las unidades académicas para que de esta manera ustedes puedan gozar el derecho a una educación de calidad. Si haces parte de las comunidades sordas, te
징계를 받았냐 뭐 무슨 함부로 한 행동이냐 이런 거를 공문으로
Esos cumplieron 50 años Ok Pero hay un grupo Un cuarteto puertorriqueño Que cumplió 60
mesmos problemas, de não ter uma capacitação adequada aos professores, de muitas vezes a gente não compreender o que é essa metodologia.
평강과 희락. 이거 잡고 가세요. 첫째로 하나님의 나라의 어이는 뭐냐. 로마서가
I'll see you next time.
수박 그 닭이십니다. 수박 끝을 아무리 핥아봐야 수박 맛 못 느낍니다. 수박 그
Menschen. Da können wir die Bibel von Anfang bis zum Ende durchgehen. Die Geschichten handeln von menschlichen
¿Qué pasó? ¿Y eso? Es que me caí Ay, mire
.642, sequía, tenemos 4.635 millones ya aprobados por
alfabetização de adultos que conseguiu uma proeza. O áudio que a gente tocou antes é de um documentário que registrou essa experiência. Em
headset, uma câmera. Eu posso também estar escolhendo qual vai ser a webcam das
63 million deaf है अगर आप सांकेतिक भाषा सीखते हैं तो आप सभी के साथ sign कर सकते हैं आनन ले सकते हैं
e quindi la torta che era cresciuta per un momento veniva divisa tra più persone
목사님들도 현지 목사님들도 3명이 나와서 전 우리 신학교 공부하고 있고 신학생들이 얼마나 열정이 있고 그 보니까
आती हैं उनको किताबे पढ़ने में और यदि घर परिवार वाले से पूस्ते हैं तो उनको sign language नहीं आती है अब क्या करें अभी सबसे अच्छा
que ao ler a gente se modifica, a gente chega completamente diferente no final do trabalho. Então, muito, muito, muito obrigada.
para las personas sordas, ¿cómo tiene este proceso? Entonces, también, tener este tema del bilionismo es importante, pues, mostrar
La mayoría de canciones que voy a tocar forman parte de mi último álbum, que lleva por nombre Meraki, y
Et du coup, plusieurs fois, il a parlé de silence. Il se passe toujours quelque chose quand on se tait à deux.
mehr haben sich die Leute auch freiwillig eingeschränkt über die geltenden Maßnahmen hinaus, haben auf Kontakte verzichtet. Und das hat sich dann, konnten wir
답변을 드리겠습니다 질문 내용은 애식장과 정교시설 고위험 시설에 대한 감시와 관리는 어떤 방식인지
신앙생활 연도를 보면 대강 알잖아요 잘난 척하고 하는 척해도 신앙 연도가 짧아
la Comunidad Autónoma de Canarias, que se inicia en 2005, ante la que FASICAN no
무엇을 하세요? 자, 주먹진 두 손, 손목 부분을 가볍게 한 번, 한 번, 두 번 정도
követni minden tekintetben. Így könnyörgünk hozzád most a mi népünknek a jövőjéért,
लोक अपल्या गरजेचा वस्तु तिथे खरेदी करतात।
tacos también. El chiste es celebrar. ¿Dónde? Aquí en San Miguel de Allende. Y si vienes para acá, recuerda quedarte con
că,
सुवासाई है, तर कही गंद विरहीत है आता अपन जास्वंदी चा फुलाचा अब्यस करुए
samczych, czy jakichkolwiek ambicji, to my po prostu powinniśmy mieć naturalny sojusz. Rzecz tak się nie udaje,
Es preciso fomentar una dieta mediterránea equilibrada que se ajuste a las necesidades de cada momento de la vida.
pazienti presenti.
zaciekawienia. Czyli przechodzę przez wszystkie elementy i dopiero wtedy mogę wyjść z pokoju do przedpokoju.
◇ ◇ ◇ ◇ ◇ ◇ ◇
The response should be the listing above, limited to the lines between the one holding "무엇을 하세요? 자, 주먹진" and the one holding "samczych, czy jakichkolwiek", inclusive, reproduced exactly.

- SOLUTION TO THE EXERCISE:
무엇을 하세요? 자, 주먹진 두 손, 손목 부분을 가볍게 한 번, 한 번, 두 번 정도
követni minden tekintetben. Így könnyörgünk hozzád most a mi népünknek a jövőjéért,
लोक अपल्या गरजेचा वस्तु तिथे खरेदी करतात।
tacos también. El chiste es celebrar. ¿Dónde? Aquí en San Miguel de Allende. Y si vienes para acá, recuerda quedarte con
că,
सुवासाई है, तर कही गंद विरहीत है आता अपन जास्वंदी चा फुलाचा अब्यस करुए
samczych, czy jakichkolwiek ambicji, to my po prostu powinniśmy mieć naturalny sojusz. Rzecz tak się nie udaje,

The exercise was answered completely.